> **Task brief**: Somewhere below are a line with "ten Bäuerin hier, unser" and a later line with "bendiger Strick im". Output exactly those lines and all lines between them.

> **Data to use**:
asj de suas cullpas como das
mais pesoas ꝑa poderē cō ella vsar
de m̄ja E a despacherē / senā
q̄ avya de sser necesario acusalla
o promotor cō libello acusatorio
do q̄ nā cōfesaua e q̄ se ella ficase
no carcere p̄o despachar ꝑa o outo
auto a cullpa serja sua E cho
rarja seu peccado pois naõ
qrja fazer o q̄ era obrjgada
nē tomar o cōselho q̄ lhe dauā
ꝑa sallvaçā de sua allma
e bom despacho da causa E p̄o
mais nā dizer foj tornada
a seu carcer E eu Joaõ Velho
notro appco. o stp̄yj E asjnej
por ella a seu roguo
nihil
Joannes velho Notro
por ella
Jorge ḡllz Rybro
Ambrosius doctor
---
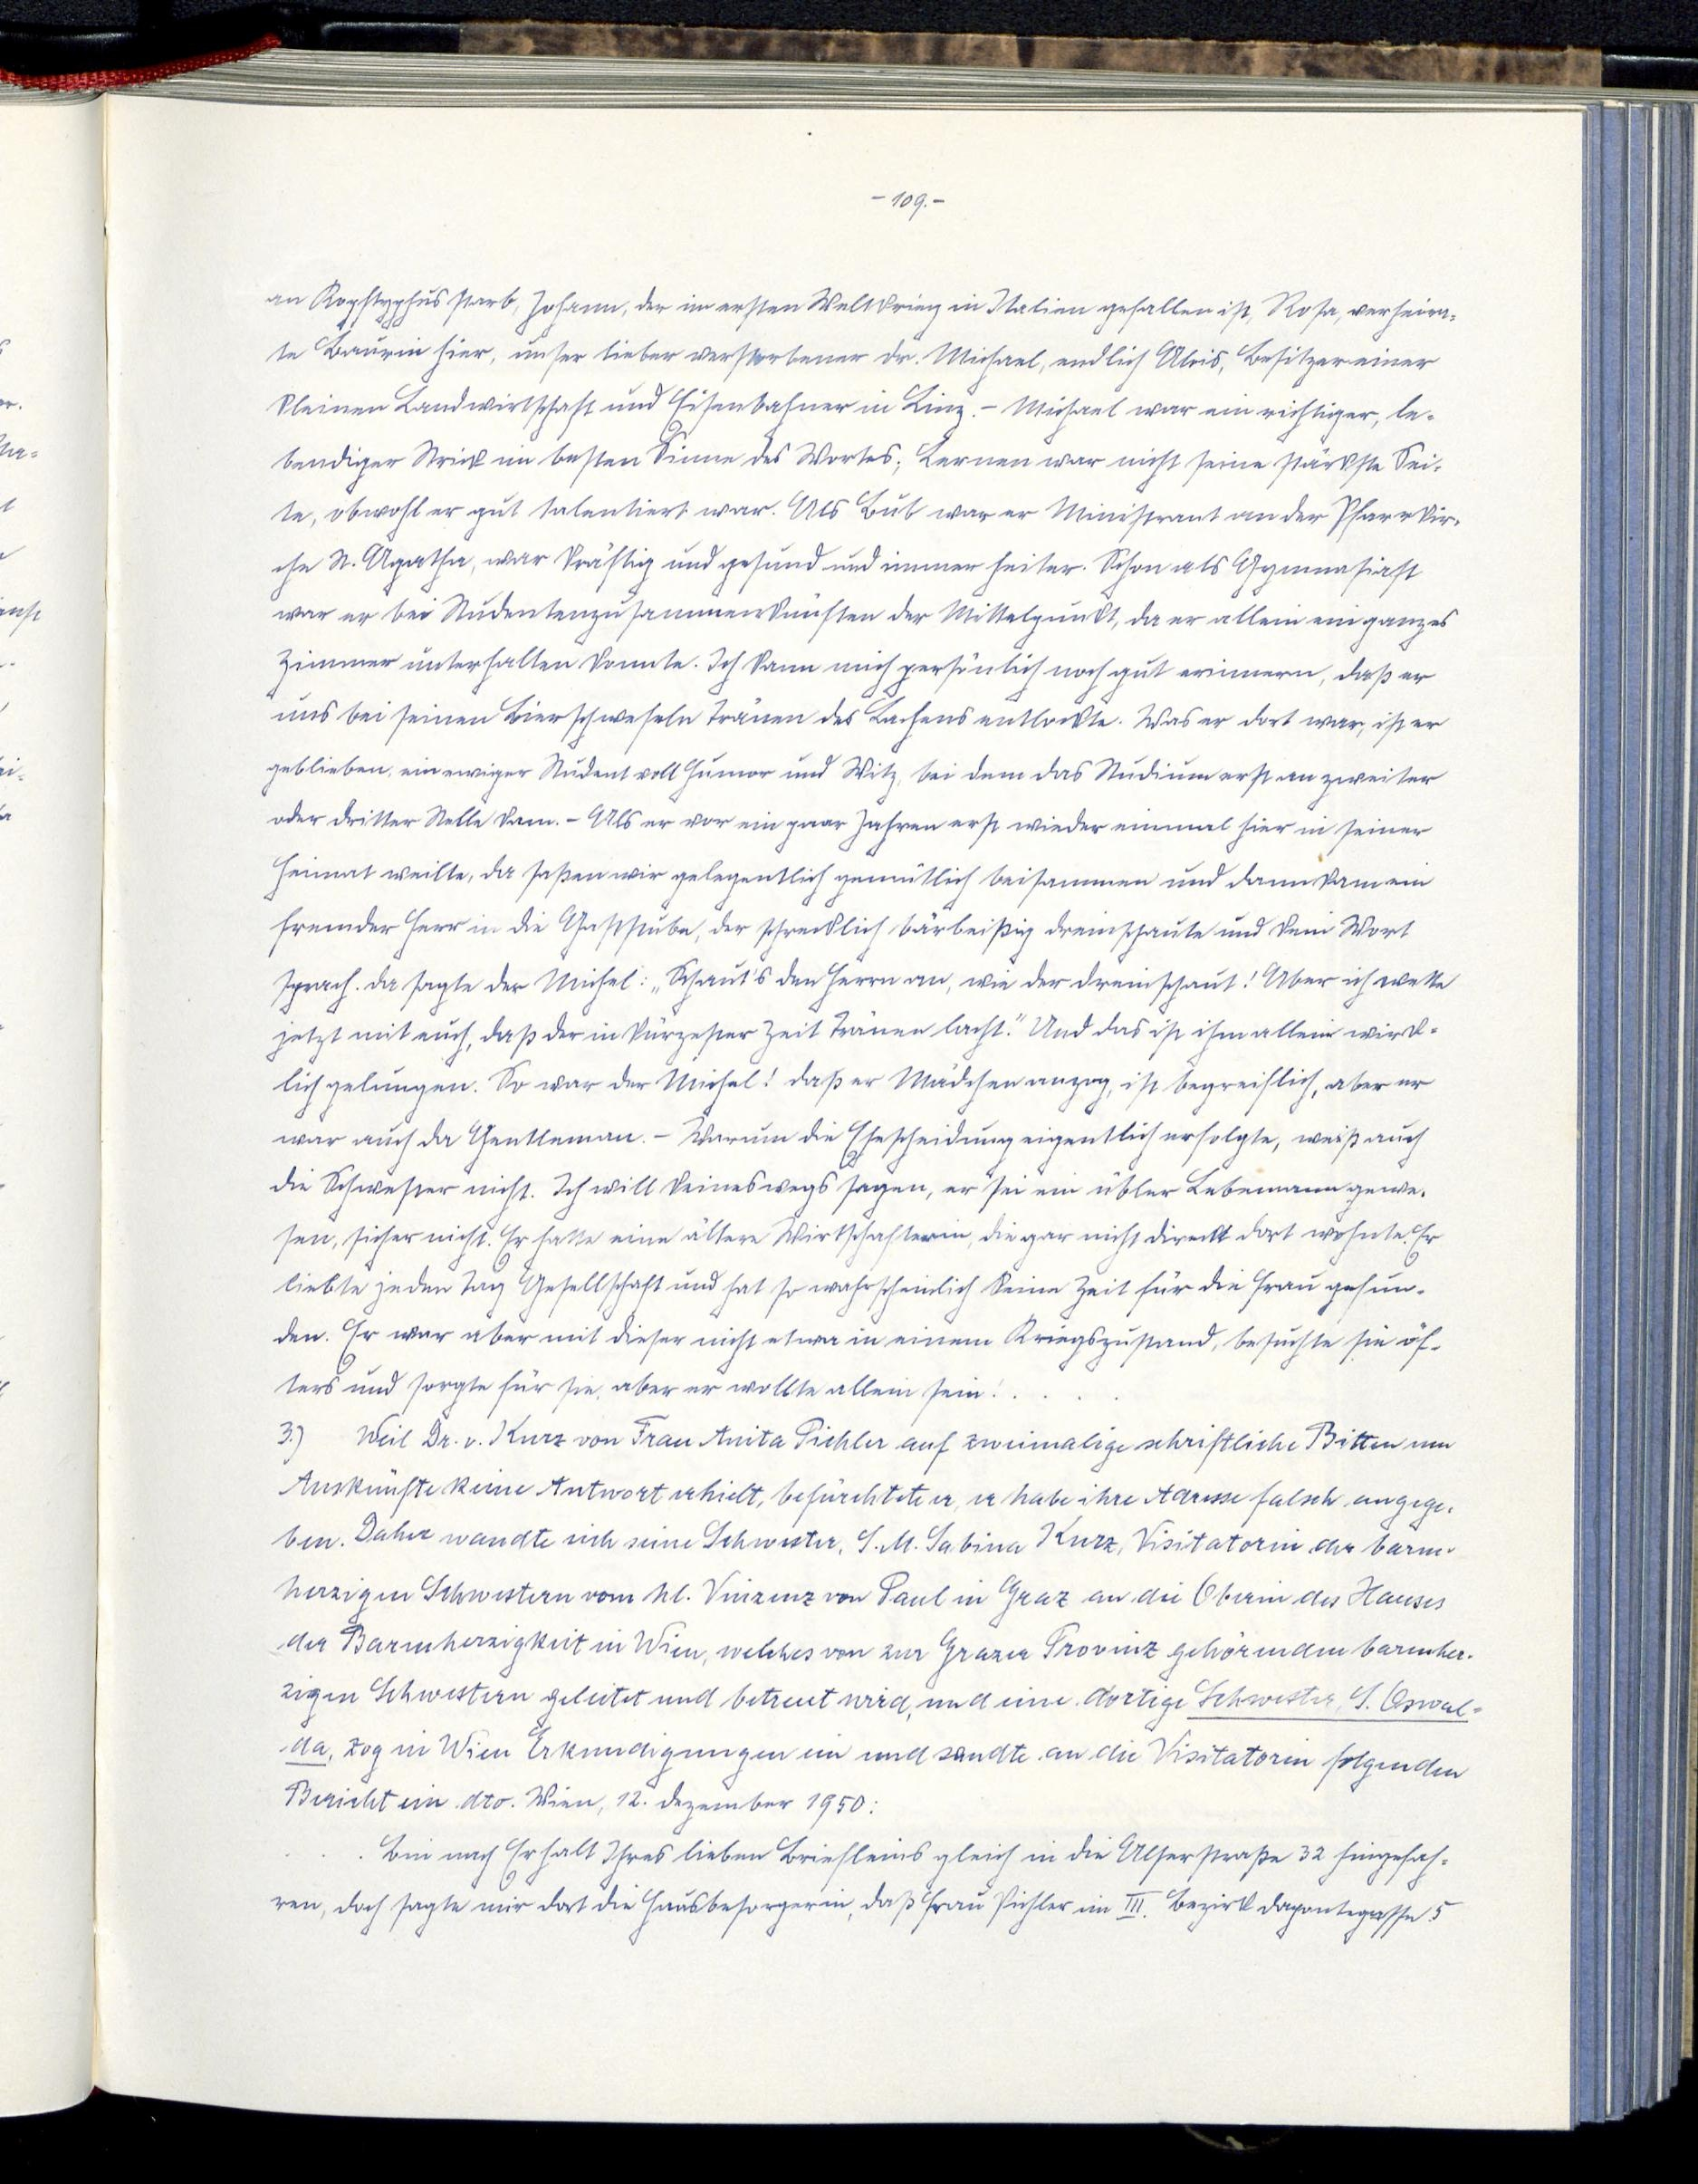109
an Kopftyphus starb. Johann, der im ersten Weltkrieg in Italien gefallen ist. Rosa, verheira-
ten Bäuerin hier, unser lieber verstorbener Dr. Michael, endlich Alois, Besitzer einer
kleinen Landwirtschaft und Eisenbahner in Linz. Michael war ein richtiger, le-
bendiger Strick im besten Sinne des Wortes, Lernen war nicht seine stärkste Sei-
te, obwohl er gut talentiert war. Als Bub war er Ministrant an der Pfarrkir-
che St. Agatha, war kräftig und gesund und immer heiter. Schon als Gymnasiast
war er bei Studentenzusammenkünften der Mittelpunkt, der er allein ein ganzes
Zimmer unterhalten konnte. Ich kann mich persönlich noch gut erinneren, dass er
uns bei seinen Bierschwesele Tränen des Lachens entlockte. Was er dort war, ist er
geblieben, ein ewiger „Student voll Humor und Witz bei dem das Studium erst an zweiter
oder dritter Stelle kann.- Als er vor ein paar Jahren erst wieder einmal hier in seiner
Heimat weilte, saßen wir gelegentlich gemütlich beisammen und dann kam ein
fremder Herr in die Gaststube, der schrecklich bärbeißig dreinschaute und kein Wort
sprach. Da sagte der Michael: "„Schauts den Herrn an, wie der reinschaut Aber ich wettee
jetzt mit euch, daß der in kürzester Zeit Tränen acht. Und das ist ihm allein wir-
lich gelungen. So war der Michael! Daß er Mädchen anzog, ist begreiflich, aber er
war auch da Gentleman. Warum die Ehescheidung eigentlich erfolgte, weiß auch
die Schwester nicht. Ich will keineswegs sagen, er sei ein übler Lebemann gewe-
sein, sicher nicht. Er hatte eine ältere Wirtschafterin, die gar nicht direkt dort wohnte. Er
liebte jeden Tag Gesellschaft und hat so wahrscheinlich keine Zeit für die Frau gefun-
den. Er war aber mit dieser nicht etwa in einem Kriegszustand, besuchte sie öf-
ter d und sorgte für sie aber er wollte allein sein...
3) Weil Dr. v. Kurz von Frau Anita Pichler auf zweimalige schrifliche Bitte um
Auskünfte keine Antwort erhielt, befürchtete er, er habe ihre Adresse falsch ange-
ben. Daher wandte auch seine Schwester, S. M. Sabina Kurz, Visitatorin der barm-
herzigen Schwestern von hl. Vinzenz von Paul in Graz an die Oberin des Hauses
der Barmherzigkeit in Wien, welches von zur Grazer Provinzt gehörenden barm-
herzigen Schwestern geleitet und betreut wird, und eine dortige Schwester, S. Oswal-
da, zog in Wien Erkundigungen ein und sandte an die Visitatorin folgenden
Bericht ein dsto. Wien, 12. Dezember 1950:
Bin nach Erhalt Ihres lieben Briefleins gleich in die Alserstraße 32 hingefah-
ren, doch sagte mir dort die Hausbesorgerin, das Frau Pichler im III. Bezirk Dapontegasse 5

> **Output of the task**:
ten Bäuerin hier, unser lieber verstorbener Dr. Michael, endlich Alois, Besitzer einer
kleinen Landwirtschaft und Eisenbahner in Linz. Michael war ein richtiger, le-
bendiger Strick im besten Sinne des Wortes, Lernen war nicht seine stärkste Sei-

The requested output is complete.